%%

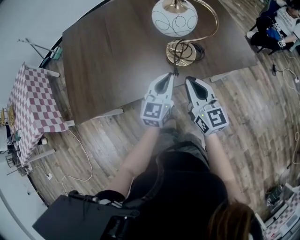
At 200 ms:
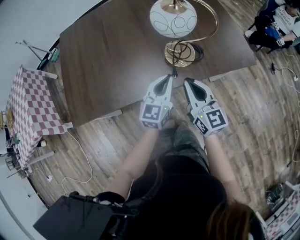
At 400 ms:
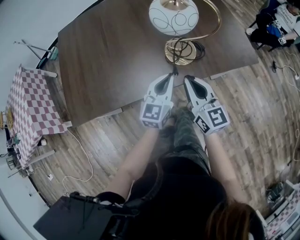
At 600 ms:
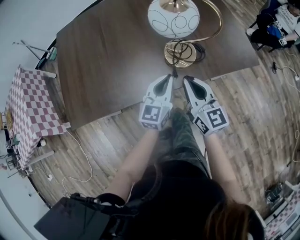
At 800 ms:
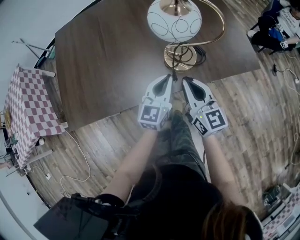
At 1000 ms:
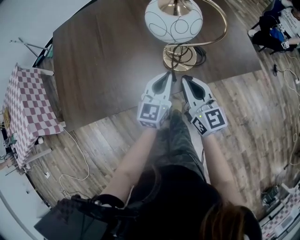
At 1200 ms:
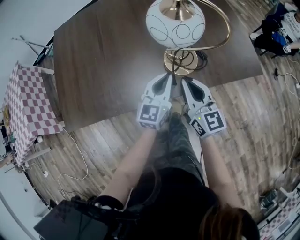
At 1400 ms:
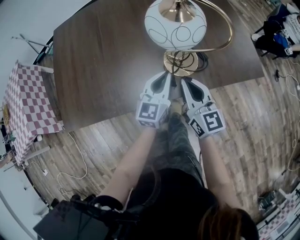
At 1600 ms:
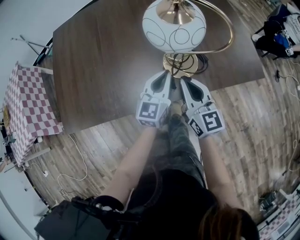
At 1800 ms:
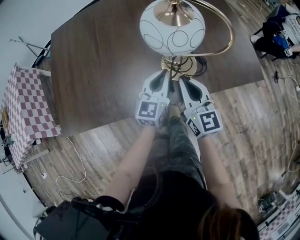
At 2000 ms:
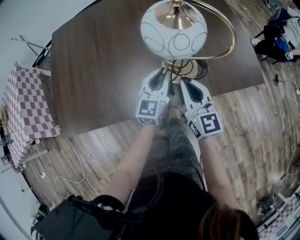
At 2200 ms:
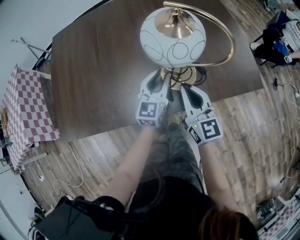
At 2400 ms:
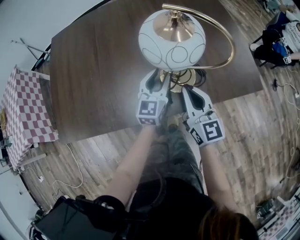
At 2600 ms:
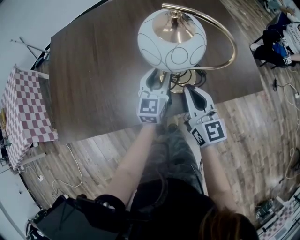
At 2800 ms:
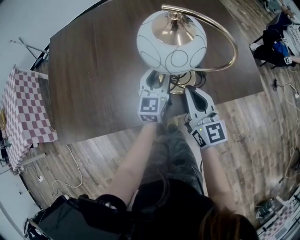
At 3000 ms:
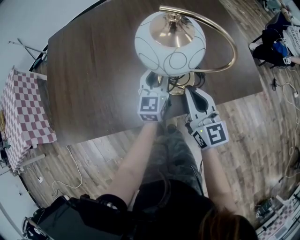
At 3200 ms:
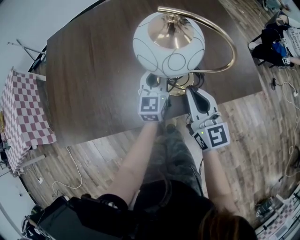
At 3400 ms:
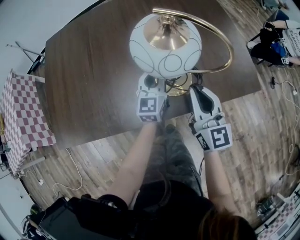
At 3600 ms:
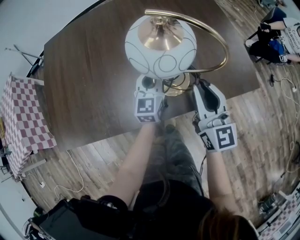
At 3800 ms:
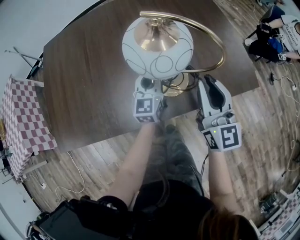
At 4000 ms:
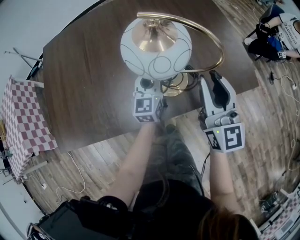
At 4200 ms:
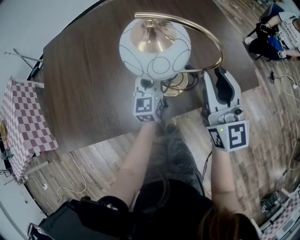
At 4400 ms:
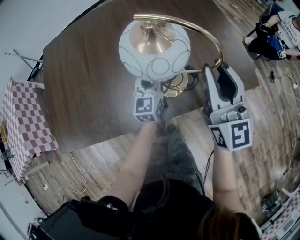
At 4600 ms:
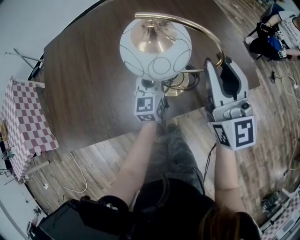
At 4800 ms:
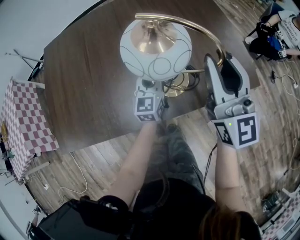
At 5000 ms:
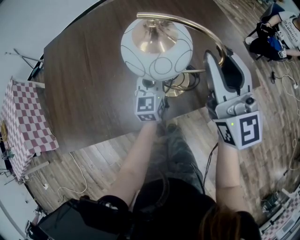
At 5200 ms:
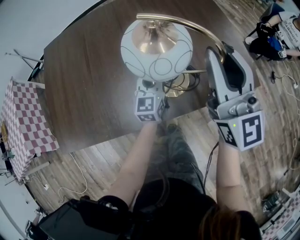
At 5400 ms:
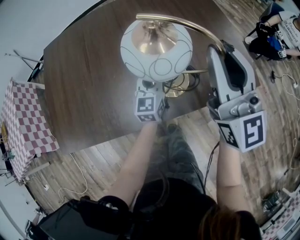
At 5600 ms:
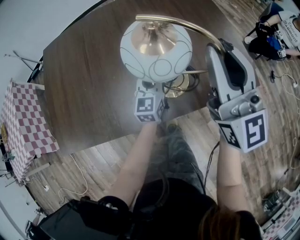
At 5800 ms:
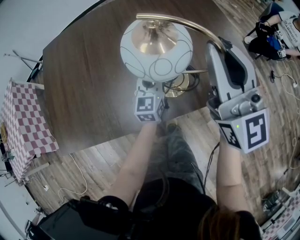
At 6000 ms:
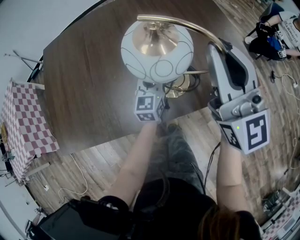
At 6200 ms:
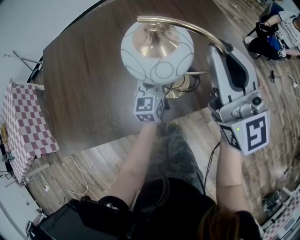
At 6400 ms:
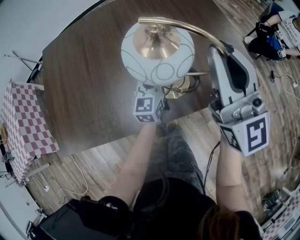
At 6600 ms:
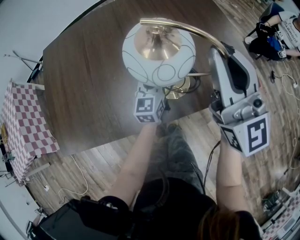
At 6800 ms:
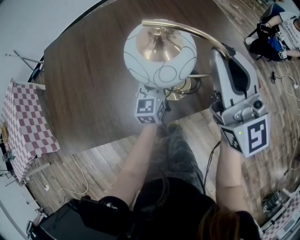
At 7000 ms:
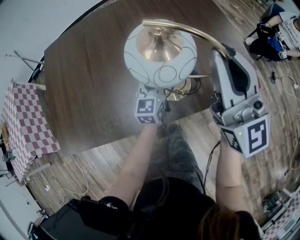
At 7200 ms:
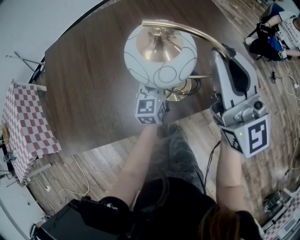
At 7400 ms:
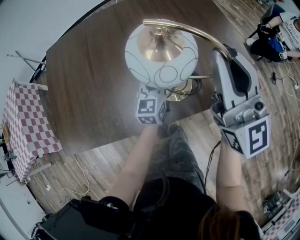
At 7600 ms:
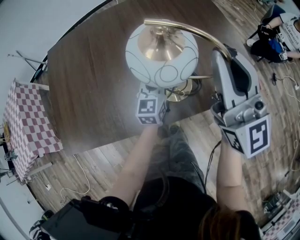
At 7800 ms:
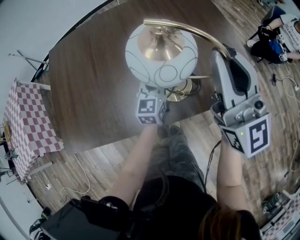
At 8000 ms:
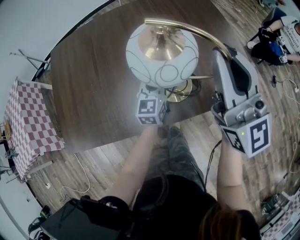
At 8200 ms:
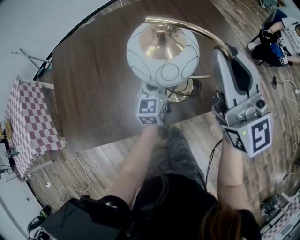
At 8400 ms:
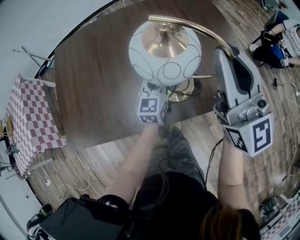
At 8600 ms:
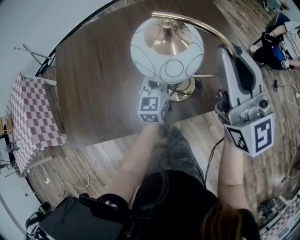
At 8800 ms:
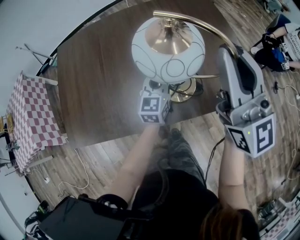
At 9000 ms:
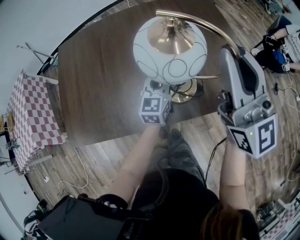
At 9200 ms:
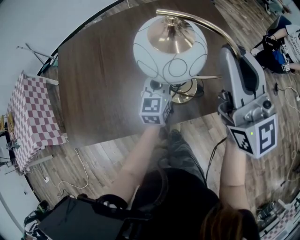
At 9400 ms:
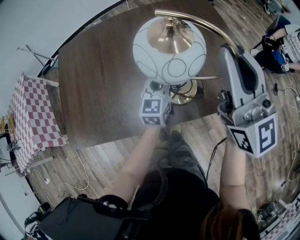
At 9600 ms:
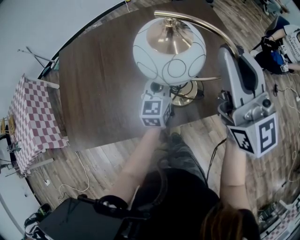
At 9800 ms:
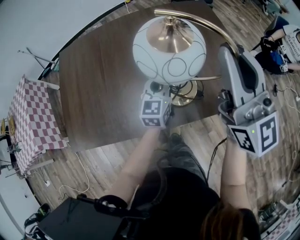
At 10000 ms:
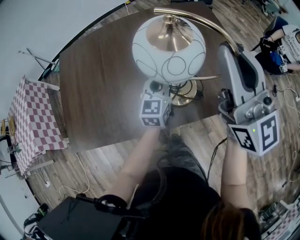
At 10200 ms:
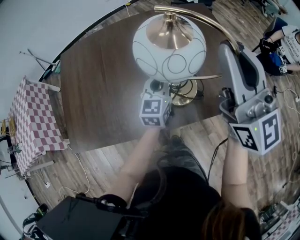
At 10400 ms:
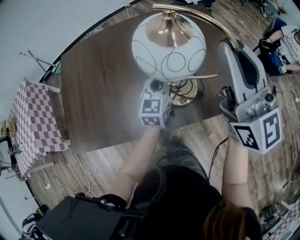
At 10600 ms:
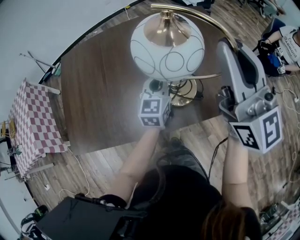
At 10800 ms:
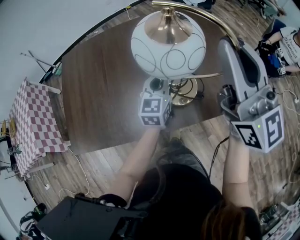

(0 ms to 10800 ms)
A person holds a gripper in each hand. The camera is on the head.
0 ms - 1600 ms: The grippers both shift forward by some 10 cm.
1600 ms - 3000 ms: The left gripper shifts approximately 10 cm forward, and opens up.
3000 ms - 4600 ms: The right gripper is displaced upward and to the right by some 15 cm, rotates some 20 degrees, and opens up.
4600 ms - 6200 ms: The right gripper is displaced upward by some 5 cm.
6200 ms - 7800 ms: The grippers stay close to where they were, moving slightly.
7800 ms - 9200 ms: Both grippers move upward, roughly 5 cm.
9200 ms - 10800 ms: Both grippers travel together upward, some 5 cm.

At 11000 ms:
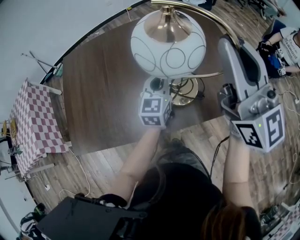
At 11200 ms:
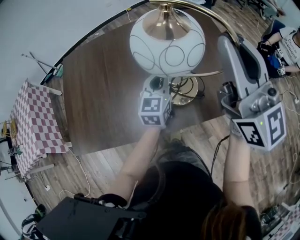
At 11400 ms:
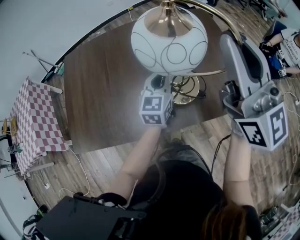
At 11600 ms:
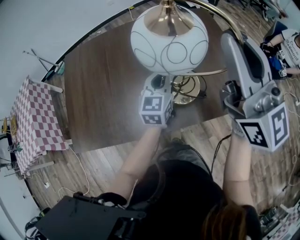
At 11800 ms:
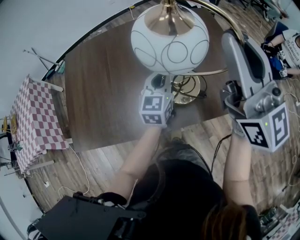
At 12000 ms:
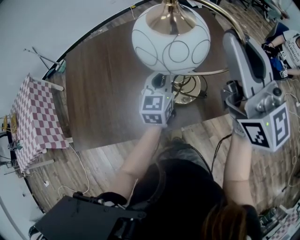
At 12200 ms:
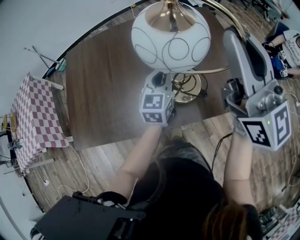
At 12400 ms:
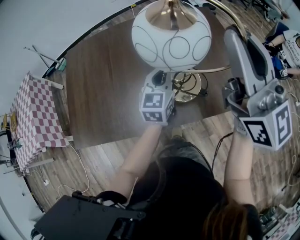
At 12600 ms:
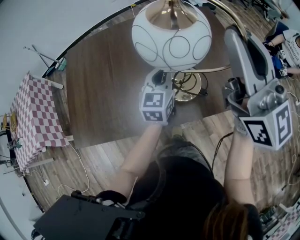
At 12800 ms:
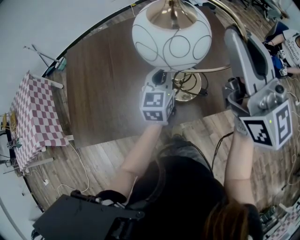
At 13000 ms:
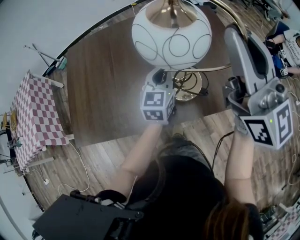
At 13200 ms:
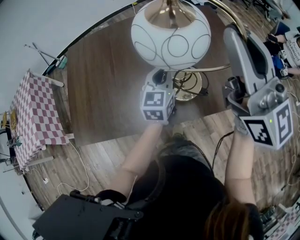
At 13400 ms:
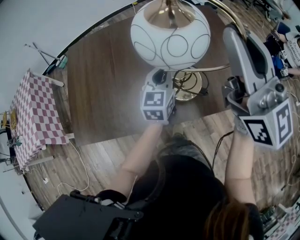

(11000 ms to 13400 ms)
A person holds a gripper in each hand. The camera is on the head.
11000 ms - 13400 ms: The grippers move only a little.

%%

Output the data above exactly, beginning at its first line and ending with the line that holds "(0 ms to 10800 ms)". Leave out the pictures and add nothing.

> _Task solution_
At 200 ms:
At 400 ms:
At 600 ms:
At 800 ms:
At 1000 ms:
At 1200 ms:
At 1400 ms:
At 1600 ms:
At 1800 ms:
At 2000 ms:
At 2200 ms:
At 2400 ms:
At 2600 ms:
At 2800 ms:
At 3000 ms:
At 3200 ms:
At 3400 ms:
At 3600 ms:
At 3800 ms:
At 4000 ms:
At 4200 ms:
At 4400 ms:
At 4600 ms:
At 4800 ms:
At 5000 ms:
At 5200 ms:
At 5400 ms:
At 5600 ms:
At 5800 ms:
At 6000 ms:
At 6200 ms:
At 6400 ms:
At 6600 ms:
At 6800 ms:
At 7000 ms:
At 7200 ms:
At 7400 ms:
At 7600 ms:
At 7800 ms:
At 8000 ms:
At 8200 ms:
At 8400 ms:
At 8600 ms:
At 8800 ms:
At 9000 ms:
At 9200 ms:
At 9400 ms:
At 9600 ms:
At 9800 ms:
At 10000 ms:
At 10200 ms:
At 10400 ms:
At 10600 ms:
At 10800 ms:

(0 ms to 10800 ms)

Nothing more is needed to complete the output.